WORK TO BE COMPLETED:
All of the data should be copied exactly, with the pictures left out.

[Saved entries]
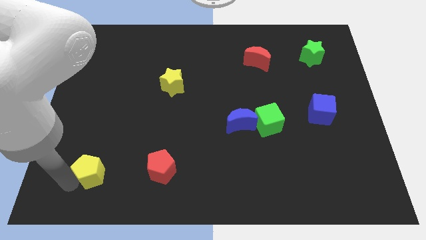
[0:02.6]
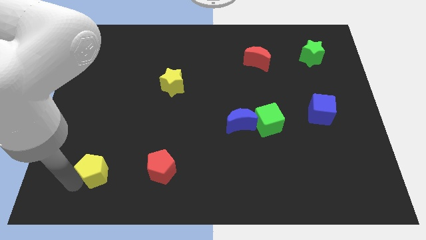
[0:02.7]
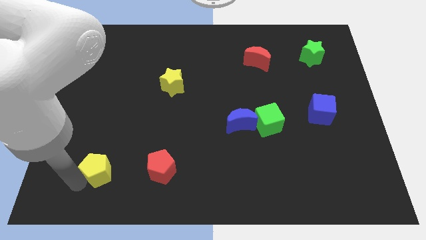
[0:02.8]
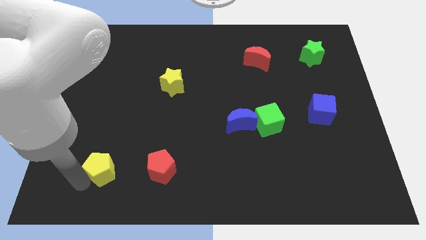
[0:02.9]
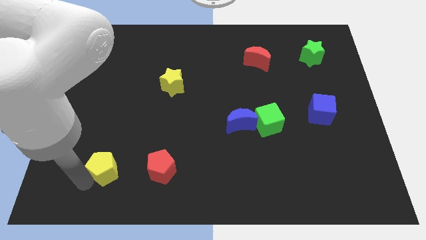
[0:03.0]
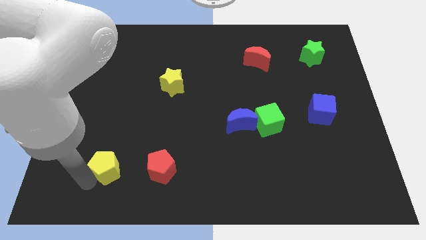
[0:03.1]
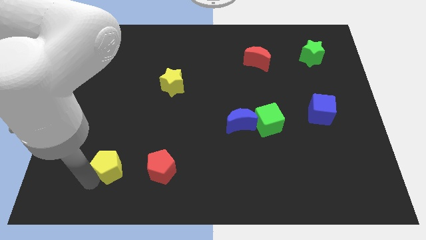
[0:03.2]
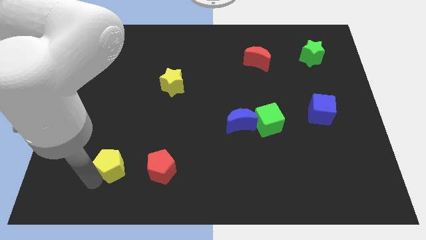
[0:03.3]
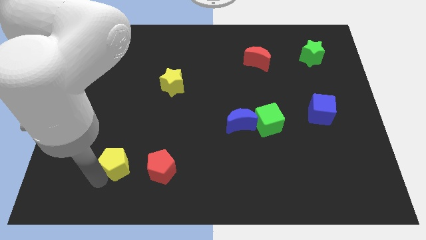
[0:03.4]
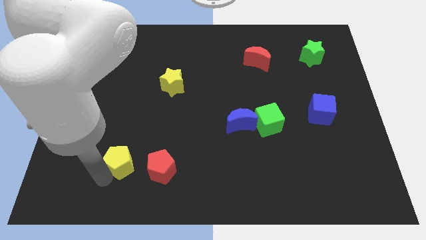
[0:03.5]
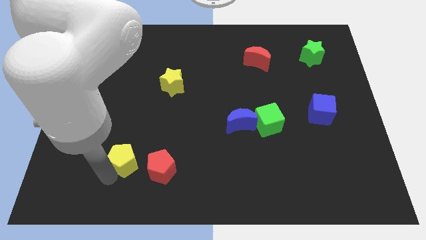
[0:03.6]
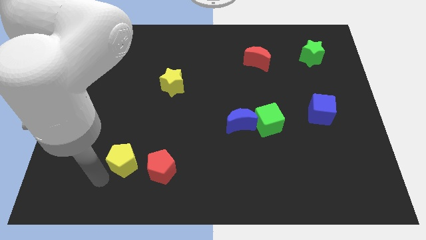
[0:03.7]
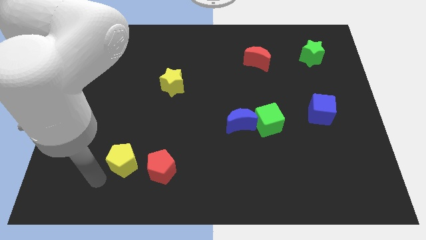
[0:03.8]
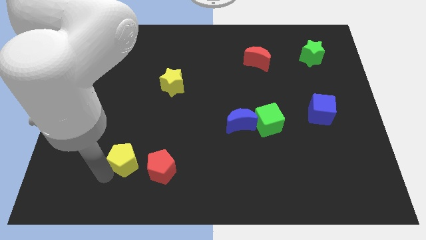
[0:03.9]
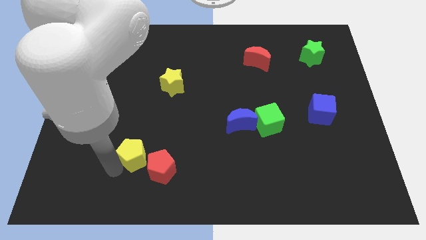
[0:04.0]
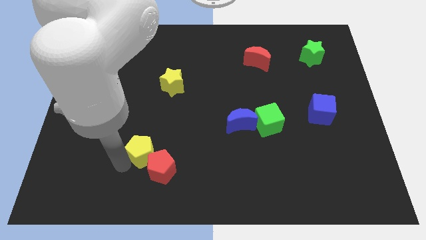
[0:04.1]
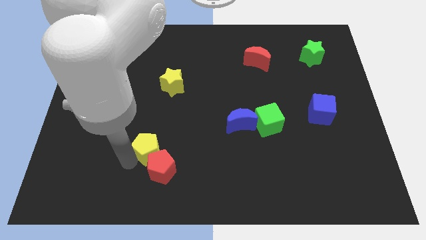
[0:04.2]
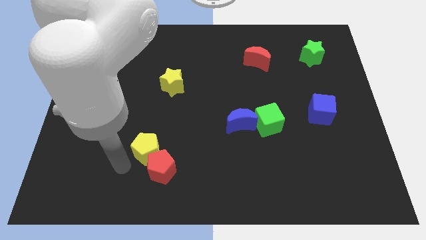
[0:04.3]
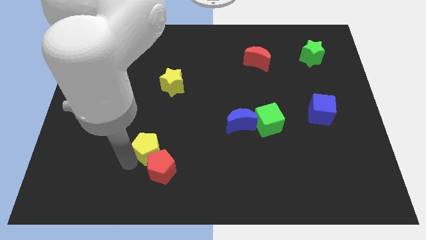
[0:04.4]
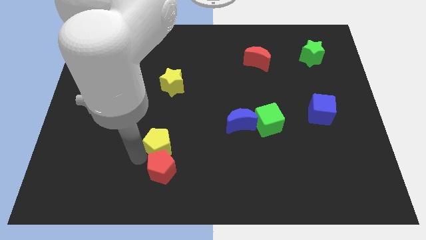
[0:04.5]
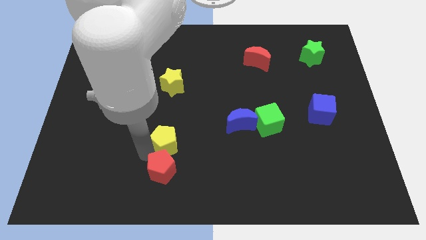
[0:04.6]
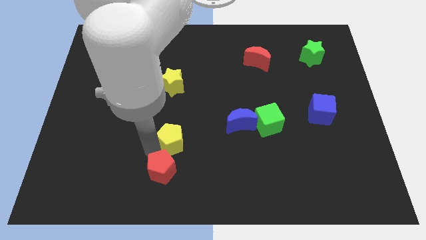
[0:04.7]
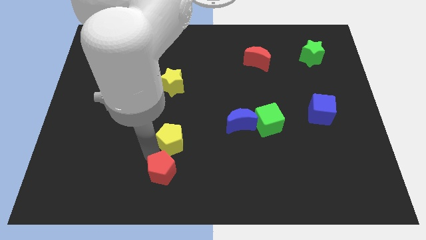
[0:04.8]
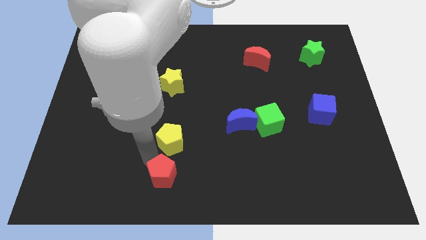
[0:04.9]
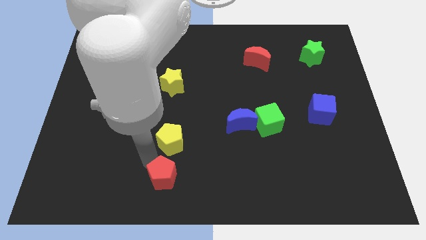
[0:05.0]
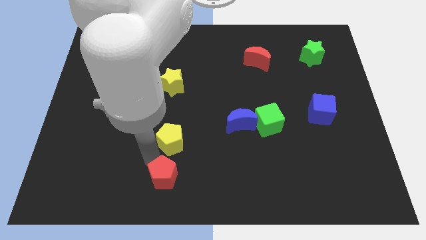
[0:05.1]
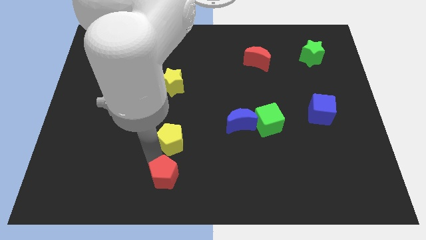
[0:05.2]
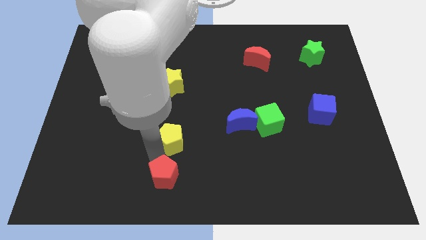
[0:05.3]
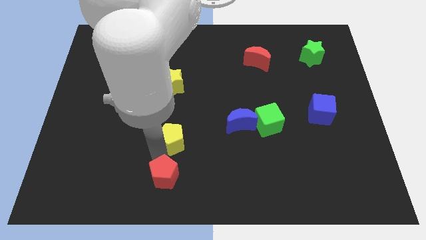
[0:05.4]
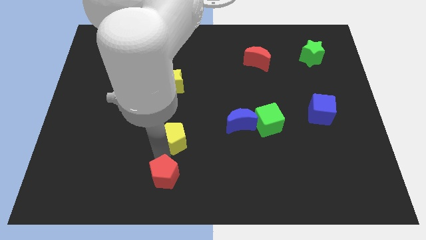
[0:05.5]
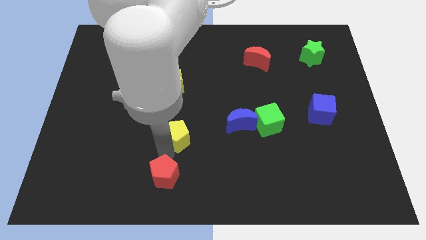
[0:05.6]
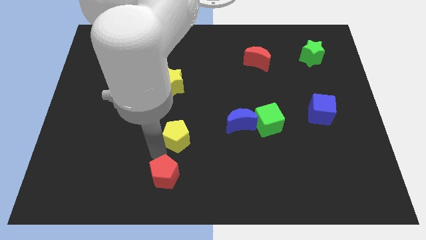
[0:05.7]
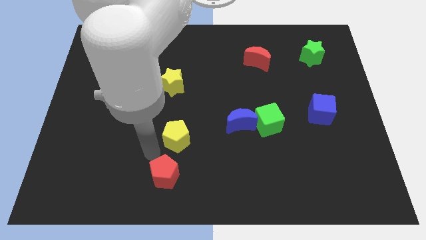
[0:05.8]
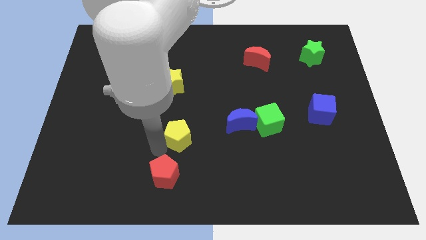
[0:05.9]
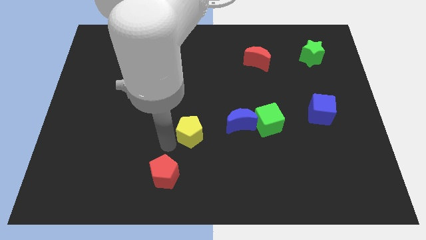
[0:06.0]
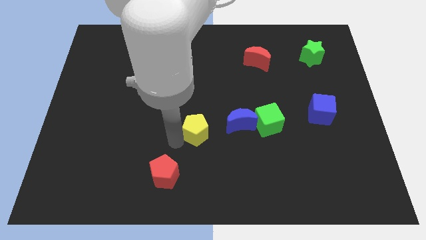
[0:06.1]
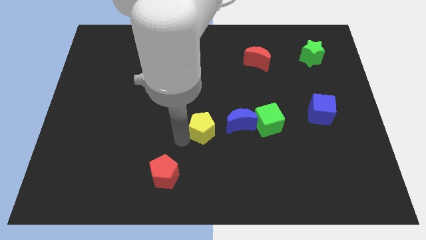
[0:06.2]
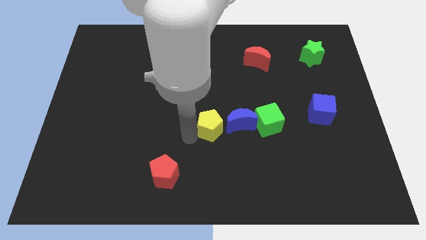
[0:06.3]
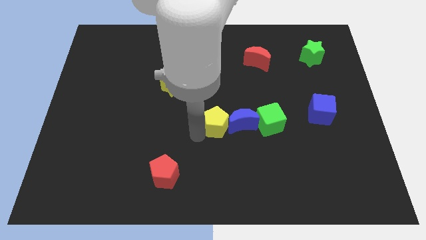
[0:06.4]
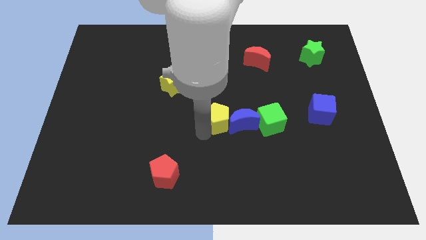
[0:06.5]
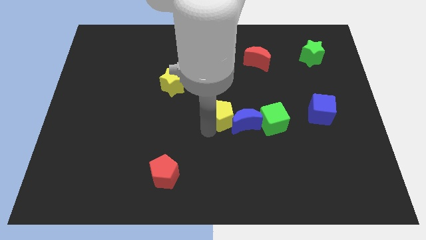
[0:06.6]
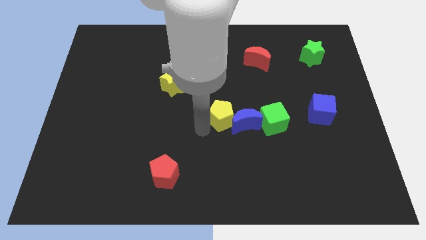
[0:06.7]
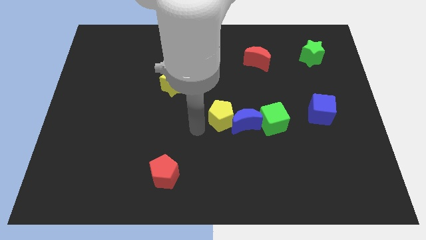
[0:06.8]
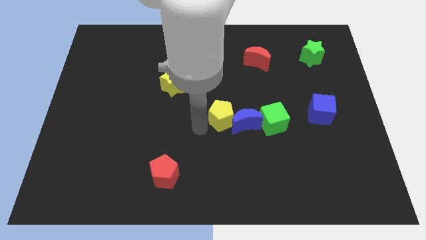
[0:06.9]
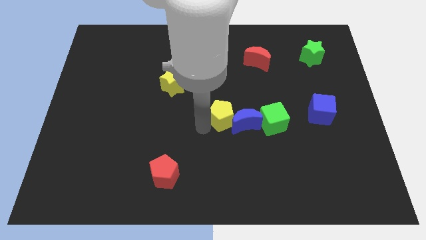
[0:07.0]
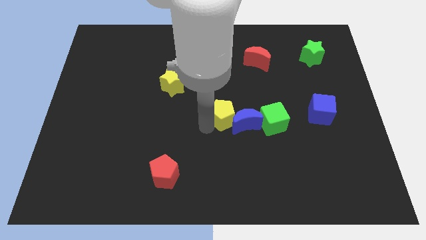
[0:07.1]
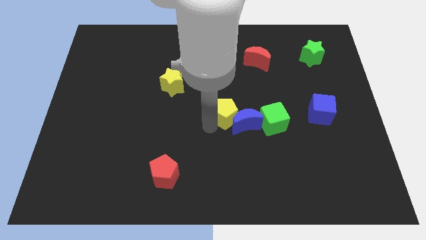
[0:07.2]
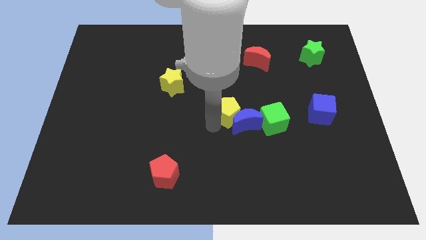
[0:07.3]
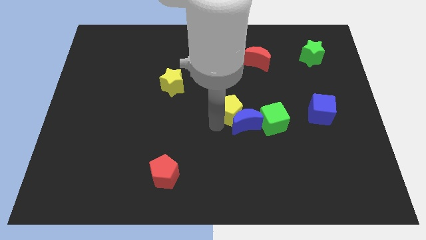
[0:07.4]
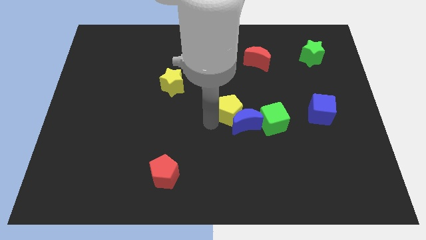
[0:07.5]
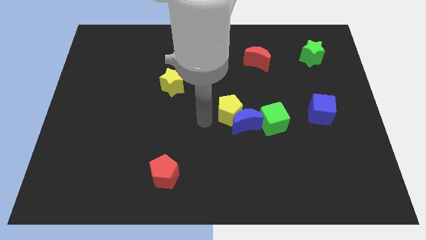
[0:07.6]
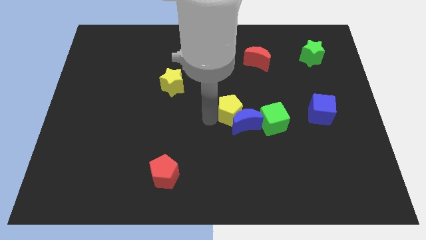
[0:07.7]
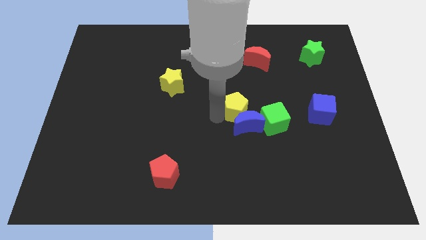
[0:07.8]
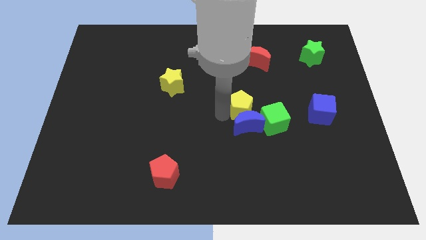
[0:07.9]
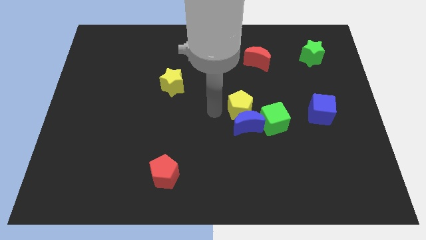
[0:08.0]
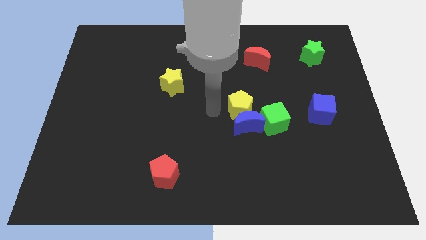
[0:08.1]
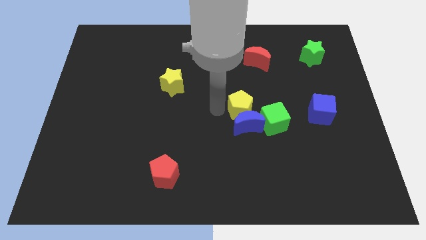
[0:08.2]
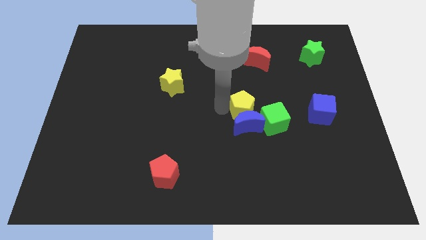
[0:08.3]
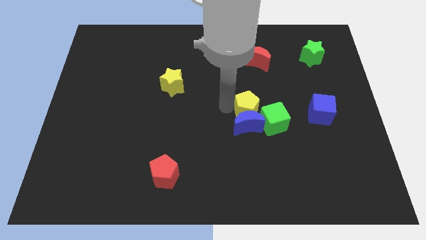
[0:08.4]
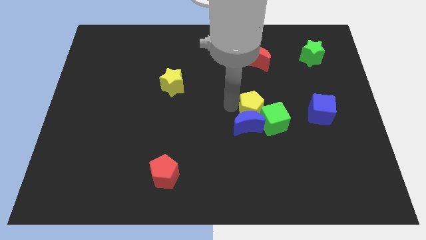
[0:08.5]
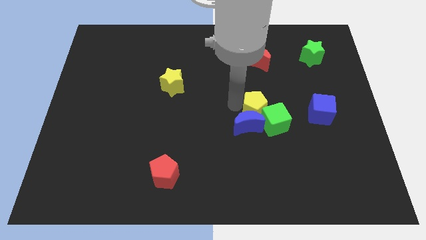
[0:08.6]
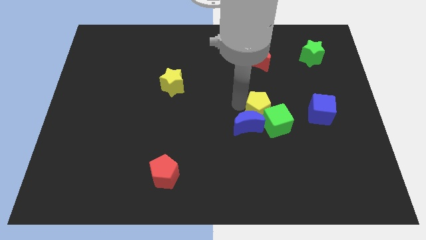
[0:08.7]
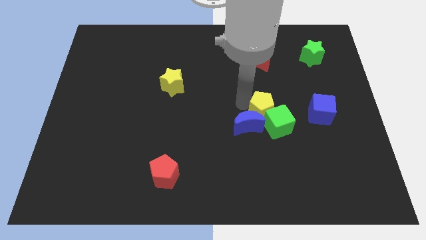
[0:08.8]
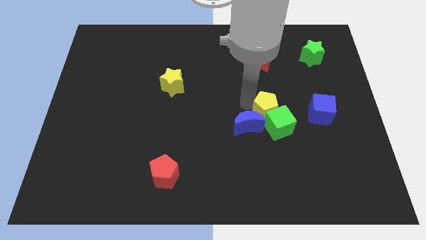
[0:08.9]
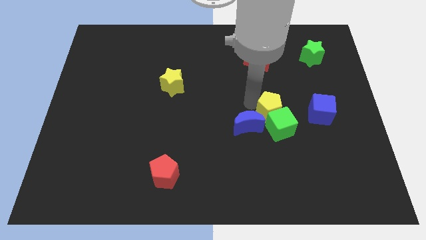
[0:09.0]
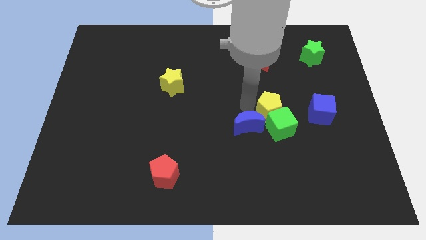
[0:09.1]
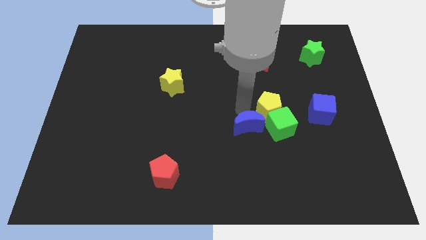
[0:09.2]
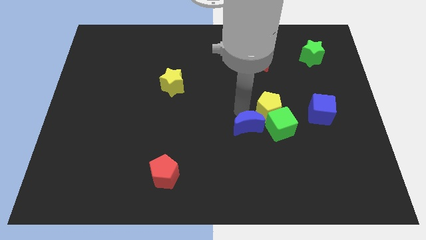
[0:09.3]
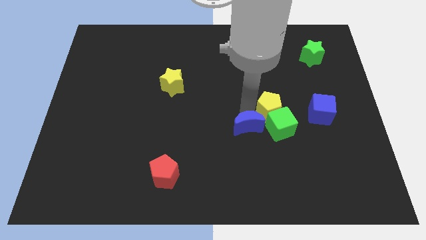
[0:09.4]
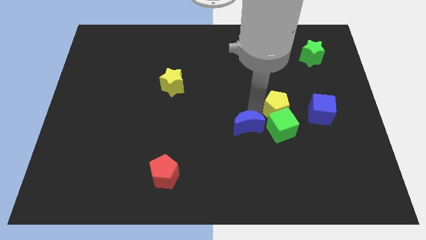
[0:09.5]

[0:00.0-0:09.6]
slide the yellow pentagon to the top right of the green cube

EXPECTED ANSWER:
[0:02.6]
[0:02.7]
[0:02.8]
[0:02.9]
[0:03.0]
[0:03.1]
[0:03.2]
[0:03.3]
[0:03.4]
[0:03.5]
[0:03.6]
[0:03.7]
[0:03.8]
[0:03.9]
[0:04.0]
[0:04.1]
[0:04.2]
[0:04.3]
[0:04.4]
[0:04.5]
[0:04.6]
[0:04.7]
[0:04.8]
[0:04.9]
[0:05.0]
[0:05.1]
[0:05.2]
[0:05.3]
[0:05.4]
[0:05.5]
[0:05.6]
[0:05.7]
[0:05.8]
[0:05.9]
[0:06.0]
[0:06.1]
[0:06.2]
[0:06.3]
[0:06.4]
[0:06.5]
[0:06.6]
[0:06.7]
[0:06.8]
[0:06.9]
[0:07.0]
[0:07.1]
[0:07.2]
[0:07.3]
[0:07.4]
[0:07.5]
[0:07.6]
[0:07.7]
[0:07.8]
[0:07.9]
[0:08.0]
[0:08.1]
[0:08.2]
[0:08.3]
[0:08.4]
[0:08.5]
[0:08.6]
[0:08.7]
[0:08.8]
[0:08.9]
[0:09.0]
[0:09.1]
[0:09.2]
[0:09.3]
[0:09.4]
[0:09.5]

[0:00.0-0:09.6]
slide the yellow pentagon to the top right of the green cube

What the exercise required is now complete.